- Emblem of the Supreme Administrative Court of Lithuania
- Coat of Arms of Lithuania
- Incumbent Skirgailė Žalimienė since 26 July 2022
- Supreme Administrative Court of Lithuania
- Style: Her Excellency
- Type: Head of the Court
- Status: Chief Justice
- Member of: Justices of the Court
- Appointer: President of Lithuania (With the consent of Seimas)
- Term length: Six years, renewable
- Constituting instrument: Constitution of Lithuania
- Formation: 1 January 2001
- Deputy: Vice President
- Website: https://www.lvat.lt/en

= President of the Supreme Administrative Court of Lithuania =

Chief justice in Lithuania

The President of the Supreme Administrative Court of Lithuania (Lithuanian: Lietuvos Vyriausiojo Administracinio Teismo Pirmininkas) is the chief justice of the Supreme Administrative Court of Lithuania, responsible for overseeing administrative justice, ensuring the uniform interpretation and application of administrative law, and managing the court’s operations. The President represents the court in official matters and may participate in shaping judicial policy.
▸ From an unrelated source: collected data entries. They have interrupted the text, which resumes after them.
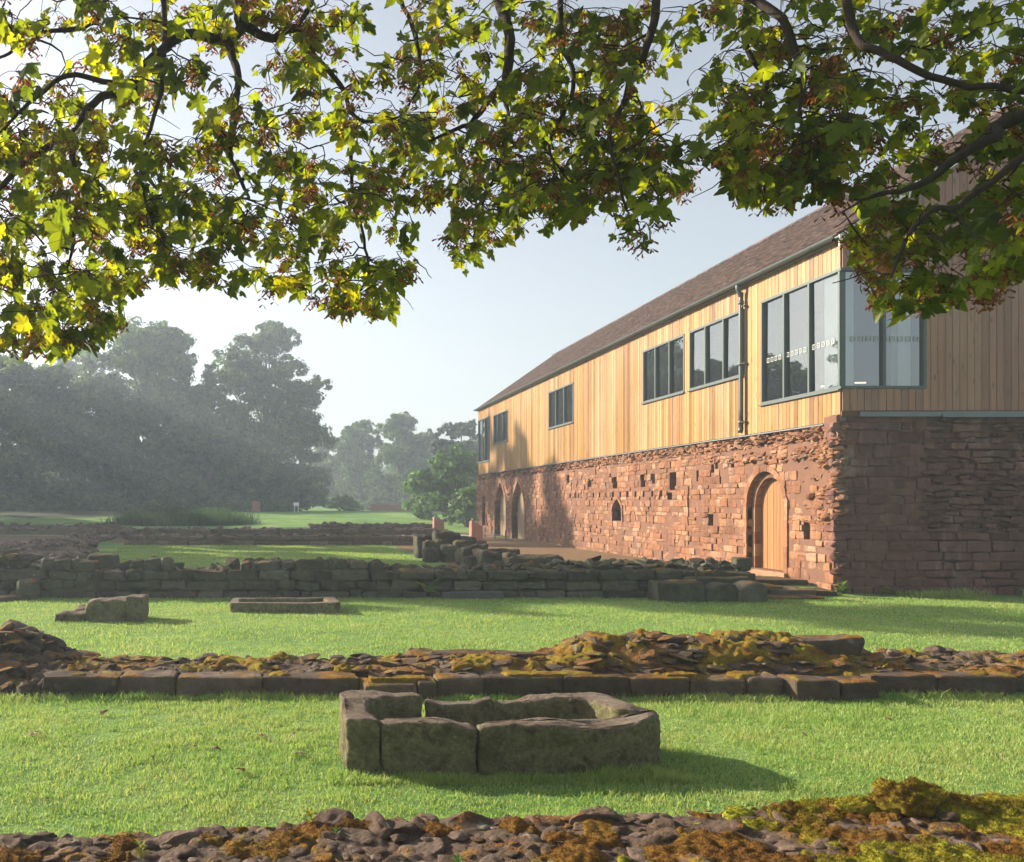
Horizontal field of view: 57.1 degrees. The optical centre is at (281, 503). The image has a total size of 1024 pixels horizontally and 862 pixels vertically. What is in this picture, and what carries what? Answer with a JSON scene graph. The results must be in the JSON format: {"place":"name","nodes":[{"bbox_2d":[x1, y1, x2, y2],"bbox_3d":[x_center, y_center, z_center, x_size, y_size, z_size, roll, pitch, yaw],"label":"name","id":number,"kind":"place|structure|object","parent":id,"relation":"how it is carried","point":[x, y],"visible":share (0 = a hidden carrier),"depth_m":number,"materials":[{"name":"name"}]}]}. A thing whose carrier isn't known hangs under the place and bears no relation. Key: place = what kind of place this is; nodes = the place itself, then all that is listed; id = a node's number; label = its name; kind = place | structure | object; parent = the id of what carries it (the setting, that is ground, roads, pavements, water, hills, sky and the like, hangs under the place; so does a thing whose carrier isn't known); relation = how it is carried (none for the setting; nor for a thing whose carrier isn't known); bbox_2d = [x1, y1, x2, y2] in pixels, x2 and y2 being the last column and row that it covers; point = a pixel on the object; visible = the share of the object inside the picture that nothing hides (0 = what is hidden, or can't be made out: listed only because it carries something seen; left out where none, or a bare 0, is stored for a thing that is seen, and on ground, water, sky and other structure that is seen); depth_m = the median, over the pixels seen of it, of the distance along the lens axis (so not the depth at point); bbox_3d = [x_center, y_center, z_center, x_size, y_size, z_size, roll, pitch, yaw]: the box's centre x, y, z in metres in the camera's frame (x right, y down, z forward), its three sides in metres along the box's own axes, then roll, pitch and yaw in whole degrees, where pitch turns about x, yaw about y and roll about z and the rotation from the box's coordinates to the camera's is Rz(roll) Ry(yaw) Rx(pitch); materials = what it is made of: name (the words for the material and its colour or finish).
{"place":"outdoors","nodes":[
{"label":"outdoors","id":0,"kind":"place"},
{"bbox_2d":[0,536,63,542],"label":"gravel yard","id":1,"kind":"structure","parent":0,"point":[13,539],"depth_m":41.87,"materials":[{"name":"gravel"}]},
{"bbox_2d":[0,508,178,517],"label":"woodland floor","id":2,"kind":"structure","parent":0,"point":[44,513],"depth_m":73.50,"materials":[{"name":"green plant"}]},
{"bbox_2d":[0,491,67,510],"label":"bush","id":3,"kind":"object","parent":2,"relation":"on","point":[32,501],"visible":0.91,"depth_m":88.37,"materials":[{"name":"green plant"}]},
{"bbox_2d":[0,352,123,509],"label":"tree","id":4,"kind":"object","parent":2,"relation":"on","point":[41,425],"visible":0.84,"depth_m":96.62,"materials":[{"name":"green plant"}]},
{"bbox_2d":[63,316,235,509],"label":"tree","id":5,"kind":"object","parent":2,"relation":"on","point":[150,352],"visible":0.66,"depth_m":98.89,"materials":[{"name":"green plant"}]},
{"bbox_2d":[105,538,129,542],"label":"gravel walk","id":6,"kind":"structure","parent":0,"point":[121,540],"depth_m":38.56,"materials":[{"name":"gravel"}]},
{"bbox_2d":[0,506,1023,837],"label":"lawn","id":7,"kind":"structure","parent":0,"point":[302,518],"depth_m":7.36,"materials":[{"name":"green plant"}]},
{"bbox_2d":[0,594,25,601],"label":"fallen stone","id":8,"kind":"object","parent":7,"relation":"on","point":[9,597],"visible":0.69,"depth_m":16.36,"materials":[{"name":"grey stone"}]},
{"bbox_2d":[16,578,40,599],"bbox_3d":[-4.753,1.629,16.783,0.453,0.446,0.403,0,0,-13],"label":"fallen stone","id":9,"kind":"object","parent":7,"relation":"on","point":[28,589],"visible":0.73,"depth_m":16.62,"materials":[{"name":"grey stone"}]},
{"bbox_2d":[0,546,94,560],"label":"ruined wall","id":10,"kind":"structure","parent":7,"relation":"on","point":[69,552],"depth_m":25.40,"materials":[{"name":"grey stone"}]},
{"bbox_2d":[0,539,99,551],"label":"ruined wall","id":11,"kind":"structure","parent":7,"relation":"on","point":[92,545],"depth_m":29.61,"materials":[{"name":"stone"}]},
{"bbox_2d":[0,619,100,696],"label":"rubble heap","id":12,"kind":"object","parent":7,"relation":"on","point":[29,655],"visible":0.76,"depth_m":9.06,"materials":[{"name":"brown stone"}]},
{"bbox_2d":[0,520,125,528],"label":"ruined wall","id":13,"kind":"structure","parent":7,"relation":"on","point":[115,524],"depth_m":50.30,"materials":[{"name":"brown stone"}]},
{"bbox_2d":[0,523,130,534],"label":"ruined wall","id":14,"kind":"structure","parent":7,"relation":"on","point":[57,529],"depth_m":47.22,"materials":[{"name":"stone"}]},
{"bbox_2d":[15,529,123,544],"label":"ruined wall","id":15,"kind":"structure","parent":7,"relation":"on","point":[90,536],"depth_m":38.63,"materials":[{"name":"stone"}]},
{"bbox_2d":[29,343,140,494],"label":"tree","id":16,"kind":"object","parent":7,"relation":"on","point":[72,365],"visible":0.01,"depth_m":129.19,"materials":[{"name":"green plant"}]},
{"bbox_2d":[55,594,148,621],"bbox_3d":[-2.779,1.652,13.942,1.364,0.468,0.656,0,0,0],"label":"carved stone","id":17,"kind":"object","parent":7,"relation":"on","point":[133,608],"visible":0.88,"depth_m":13.69,"materials":[{"name":"grey stone"}]},
{"bbox_2d":[98,504,262,525],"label":"reed bed","id":18,"kind":"object","parent":7,"relation":"on","point":[221,517],"visible":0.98,"depth_m":60.28,"materials":[{"name":"green plant"}]},
{"bbox_2d":[136,381,275,511],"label":"tree","id":19,"kind":"object","parent":7,"relation":"on","point":[200,486],"visible":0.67,"depth_m":96.44,"materials":[{"name":"green plant"}]},
{"bbox_2d":[195,497,261,511],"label":"bush","id":20,"kind":"object","parent":7,"relation":"on","point":[232,503],"visible":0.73,"depth_m":89.50,"materials":[{"name":"green plant"}]},
{"bbox_2d":[30,455,435,505],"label":"woodland","id":21,"kind":"object","parent":7,"relation":"on","point":[386,470],"visible":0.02,"depth_m":175.47,"materials":[{"name":"green plant"}]},
{"bbox_2d":[251,501,260,511],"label":"standing stone","id":22,"kind":"object","parent":7,"relation":"on","point":[256,506],"visible":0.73,"depth_m":83.61,"materials":[{"name":"red stone"}]},
{"bbox_2d":[193,320,337,511],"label":"tree","id":23,"kind":"object","parent":7,"relation":"on","point":[302,435],"visible":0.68,"depth_m":104.63,"materials":[{"name":"green plant"}]},
{"bbox_2d":[122,532,423,544],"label":"ruined wall","id":24,"kind":"structure","parent":7,"relation":"on","point":[307,538],"depth_m":35.22,"materials":[{"name":"stone"}]},
{"bbox_2d":[119,525,447,536],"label":"ruined wall","id":25,"kind":"structure","parent":7,"relation":"on","point":[249,531],"depth_m":44.02,"materials":[{"name":"stone"}]},
{"bbox_2d":[229,596,339,613],"bbox_3d":[0.051,1.728,15.093,1.827,0.243,0.945,0,0,0],"label":"stone coffin","id":26,"kind":"object","parent":7,"relation":"on","point":[328,605],"visible":0.94,"depth_m":14.69,"materials":[{"name":"grey stone"}]},
{"bbox_2d":[270,498,301,511],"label":"bush","id":27,"kind":"object","parent":7,"relation":"on","point":[285,505],"visible":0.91,"depth_m":95.36,"materials":[{"name":"green plant"}]},
{"bbox_2d":[309,436,373,505],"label":"tree","id":28,"kind":"object","parent":7,"relation":"on","point":[326,466],"visible":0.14,"depth_m":162.32,"materials":[{"name":"green plant"}]},
{"bbox_2d":[325,494,364,510],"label":"bush","id":29,"kind":"object","parent":7,"relation":"on","point":[346,502],"visible":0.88,"depth_m":91.60,"materials":[{"name":"green plant"}]},
{"bbox_2d":[324,419,394,508],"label":"tree","id":30,"kind":"object","parent":7,"relation":"on","point":[356,433],"visible":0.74,"depth_m":148.33,"materials":[{"name":"green plant"}]},
{"bbox_2d":[307,521,432,528],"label":"ruined wall","id":31,"kind":"structure","parent":7,"relation":"on","point":[332,524],"depth_m":51.04,"materials":[{"name":"stone"}]},
{"bbox_2d":[0,549,755,598],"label":"ruined wall","id":32,"kind":"structure","parent":7,"relation":"on","point":[100,575],"depth_m":17.02,"materials":[{"name":"grey stone"}]},
{"bbox_2d":[417,578,441,593],"bbox_3d":[2.779,1.546,16.870,0.527,0.329,0.206,0,0,0],"label":"fern","id":33,"kind":"object","parent":32,"relation":"attached to","point":[425,587],"visible":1,"depth_m":16.91,"materials":[{"name":"green plant"}]},
{"bbox_2d":[730,557,750,570],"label":"stone block","id":34,"kind":"structure","parent":32,"relation":"on","point":[744,563],"depth_m":17.20,"materials":[{"name":"grey stone"}]},
{"bbox_2d":[360,411,438,509],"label":"tree","id":35,"kind":"object","parent":7,"relation":"on","point":[409,449],"visible":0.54,"depth_m":137.41,"materials":[{"name":"green plant"}]},
{"bbox_2d":[370,504,439,511],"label":"garden wall","id":36,"kind":"structure","parent":7,"relation":"on","point":[385,507],"depth_m":96.00,"materials":[{"name":"red stone"}]},
{"bbox_2d":[390,428,447,503],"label":"tree","id":37,"kind":"object","parent":7,"relation":"on","point":[429,432],"visible":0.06,"depth_m":145.16,"materials":[{"name":"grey plant"}]},
{"bbox_2d":[398,467,452,518],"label":"bush","id":38,"kind":"object","parent":7,"relation":"on","point":[417,483],"visible":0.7,"depth_m":67.21,"materials":[{"name":"green plant"}]},
{"bbox_2d":[433,517,443,528],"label":"stone post","id":39,"kind":"object","parent":7,"relation":"on","point":[438,523],"visible":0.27,"depth_m":45.75,"materials":[{"name":"red stone"}]},
{"bbox_2d":[413,530,475,562],"bbox_3d":[4.875,1.270,26.338,1.850,0.971,2.804,0,0,0],"label":"pier base","id":40,"kind":"object","parent":7,"relation":"on","point":[440,545],"visible":0.68,"depth_m":25.77,"materials":[{"name":"grey stone"}]},
{"bbox_2d":[421,443,480,521],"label":"bush","id":41,"kind":"object","parent":7,"relation":"on","point":[457,467],"visible":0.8,"depth_m":65.44,"materials":[{"name":"green plant"}]},
{"bbox_2d":[428,419,481,493],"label":"tree","id":42,"kind":"object","parent":7,"relation":"on","point":[457,430],"visible":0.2,"depth_m":111.05,"materials":[{"name":"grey plant"}]},
{"bbox_2d":[447,483,475,527],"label":"bush","id":43,"kind":"object","parent":7,"relation":"on","point":[463,502],"visible":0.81,"depth_m":59.55,"materials":[{"name":"green plant"}]},
{"bbox_2d":[462,438,481,450],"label":"tree","id":44,"kind":"object","parent":7,"relation":"on","point":[473,440],"visible":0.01,"depth_m":139.90,"materials":[{"name":"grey plant"}]},
{"bbox_2d":[442,591,503,598],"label":"stone slab","id":45,"kind":"structure","parent":7,"relation":"on","point":[474,594],"depth_m":16.86,"materials":[{"name":"grey stone"}]},
{"bbox_2d":[469,521,485,543],"bbox_3d":[7.499,1.190,34.598,0.686,1.030,0.678,0,0,0],"label":"stone post","id":46,"kind":"object","parent":7,"relation":"on","point":[476,530],"visible":0.6,"depth_m":34.38,"materials":[{"name":"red stone"}]},
{"bbox_2d":[339,690,660,776],"bbox_3d":[1.518,1.618,6.316,2.208,0.464,0.885,0,0,0],"label":"stone coffin","id":47,"kind":"object","parent":7,"relation":"on","point":[552,733],"visible":0.94,"depth_m":5.95,"materials":[{"name":"grey stone"}]},
{"bbox_2d":[454,543,563,565],"bbox_3d":[5.574,1.424,22.771,1.692,0.717,3.218,0,0,-42],"label":"pier base","id":48,"kind":"object","parent":7,"relation":"on","point":[477,554],"visible":0.52,"depth_m":22.42,"materials":[{"name":"grey stone"}]},
{"bbox_2d":[0,0,1023,366],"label":"sycamore tree","id":49,"kind":"object","parent":7,"relation":"on","point":[820,152],"visible":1,"depth_m":4.32,"materials":[{"name":"green plant"}]},
{"bbox_2d":[0,776,1023,861],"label":"ruined wall","id":50,"kind":"structure","parent":7,"relation":"on","point":[912,819],"depth_m":4.02,"materials":[{"name":"stone"}]},
{"bbox_2d":[133,839,148,860],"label":"weed","id":51,"kind":"object","parent":50,"relation":"on","point":[141,844],"visible":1,"depth_m":3.95,"materials":[{"name":"green plant"}]},
{"bbox_2d":[303,809,317,822],"bbox_3d":[0.140,1.497,4.257,0.069,0.110,0.090,0,0,-12],"label":"weed","id":52,"kind":"object","parent":50,"relation":"on","point":[309,813],"visible":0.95,"depth_m":4.26,"materials":[{"name":"green plant"}]},
{"bbox_2d":[451,853,465,861],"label":"weed","id":53,"kind":"object","parent":50,"relation":"on","point":[457,857],"visible":1,"depth_m":3.67,"materials":[{"name":"green plant"}]},
{"bbox_2d":[41,628,1023,701],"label":"ruined wall","id":54,"kind":"structure","parent":7,"relation":"on","point":[731,663],"depth_m":8.60,"materials":[{"name":"brown stone"}]},
{"bbox_2d":[647,576,767,602],"bbox_3d":[7.833,1.622,16.627,2.008,0.502,0.790,0,0,0],"label":"stone block","id":55,"kind":"object","parent":7,"relation":"on","point":[743,589],"visible":0.8,"depth_m":16.30,"materials":[{"name":"grey stone"}]},
{"bbox_2d":[473,101,1023,594],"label":"museum building","id":56,"kind":"structure","parent":7,"relation":"on","point":[779,403],"depth_m":20.50,"materials":[{"name":"red stone"}]},
{"bbox_2d":[477,416,489,463],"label":"window","id":57,"kind":"structure","parent":56,"relation":"in","point":[485,419],"depth_m":48.39,"materials":[{"name":"grey metal"}]},
{"bbox_2d":[492,409,507,444],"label":"window","id":58,"kind":"structure","parent":56,"relation":"in","point":[503,412],"depth_m":45.47,"materials":[{"name":"grey metal"}]},
{"bbox_2d":[499,491,505,535],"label":"door","id":59,"kind":"structure","parent":56,"relation":"in","point":[502,514],"depth_m":45.03,"materials":[{"name":"brown wood"}]},
{"bbox_2d":[517,489,523,538],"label":"door","id":60,"kind":"structure","parent":56,"relation":"in","point":[520,507],"depth_m":41.64,"materials":[{"name":"brown wood"}]},
{"bbox_2d":[547,382,573,429],"bbox_3d":[10.997,-3.790,35.250,0.165,1.540,3.160,0,0,0],"label":"window","id":61,"kind":"structure","parent":56,"relation":"in","point":[564,388],"depth_m":35.84,"materials":[{"name":"grey metal"}]},
{"bbox_2d":[641,334,684,404],"bbox_3d":[10.997,-3.810,25.800,0.165,1.620,2.860,0,0,0],"label":"window","id":62,"kind":"structure","parent":56,"relation":"in","point":[670,342],"depth_m":25.82,"materials":[{"name":"grey metal"}]},
{"bbox_2d":[687,309,743,391],"bbox_3d":[10.997,-3.810,22.700,0.165,1.620,2.860,0,0,0],"label":"window","id":63,"kind":"structure","parent":56,"relation":"in","point":[724,320],"depth_m":23.17,"materials":[{"name":"grey metal"}]},
{"bbox_2d":[761,478,783,569],"bbox_3d":[11.150,0.380,20.125,0.059,2.240,1.542,0,0,0],"label":"door","id":64,"kind":"structure","parent":56,"relation":"in","point":[772,509],"depth_m":20.30,"materials":[{"name":"brown wood"}]},
{"bbox_2d":[758,269,845,405],"bbox_3d":[10.997,-3.420,19.050,0.165,2.400,2.960,0,0,0],"label":"window","id":65,"kind":"structure","parent":56,"relation":"in","point":[810,285],"depth_m":18.63,"materials":[{"name":"grey metal"}]},
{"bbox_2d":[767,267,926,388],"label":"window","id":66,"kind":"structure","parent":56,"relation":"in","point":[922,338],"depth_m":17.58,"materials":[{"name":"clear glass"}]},
{"bbox_2d":[785,780,796,790],"bbox_3d":[3.152,1.771,5.545,0.079,0.098,0.083,0,0,32],"label":"weed","id":67,"kind":"object","parent":7,"relation":"on","point":[790,785],"visible":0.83,"depth_m":5.55,"materials":[{"name":"green plant"}]},
{"bbox_2d":[755,576,836,599],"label":"stone steps","id":68,"kind":"structure","parent":7,"relation":"on","point":[776,590],"depth_m":17.30,"materials":[{"name":"stone"}]},
{"bbox_2d":[834,580,850,595],"bbox_3d":[10.758,1.627,17.213,0.330,0.326,0.325,0,0,29],"label":"weed","id":69,"kind":"object","parent":7,"relation":"on","point":[842,584],"visible":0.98,"depth_m":17.19,"materials":[{"name":"green plant"}]},
{"bbox_2d":[880,586,890,593],"bbox_3d":[11.708,1.689,17.361,0.238,0.202,0.184,0,0,25],"label":"weed","id":70,"kind":"object","parent":7,"relation":"on","point":[885,588],"visible":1,"depth_m":17.35,"materials":[{"name":"green plant"}]},
{"bbox_2d":[0,0,1023,469],"label":"sky","id":71,"kind":"structure","parent":0,"point":[463,341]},
{"bbox_2d":[396,533,639,566],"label":"gravel path","id":72,"kind":"structure","parent":0,"point":[540,548],"depth_m":31.90,"materials":[{"name":"beige gravel"}]},
{"bbox_2d":[484,528,506,540],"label":"barrier rail","id":73,"kind":"object","parent":72,"relation":"on","point":[494,534],"visible":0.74,"depth_m":41.58,"materials":[{"name":"grey metal"}]}
]}

Skirgailė Žalimienė has held the position of President since 26 July 2022.

== Appointment ==
According to the Constitution of the Republic of Lithuania, the President of the Supreme Administrative Court is appointed by the Seimas upon the submission of the President of the Republic.

== Duties ==
The President of the Supreme Administrative Court of Lithuania holds several key responsibilities. They oversee the court's operations, ensuring effective functioning and adherence to legal standards. In this capacity, the President manages administrative tasks, presides over significant legal cases, and represents the court in national and international matters. A crucial aspect of the role involves developing and maintaining uniform case law within the administrative courts by interpreting and applying laws and other legal acts consistently. Additionally, the President may participate in shaping judicial policy and collaborates with other judicial institutions to foster relationships and uphold the integrity of the judiciary.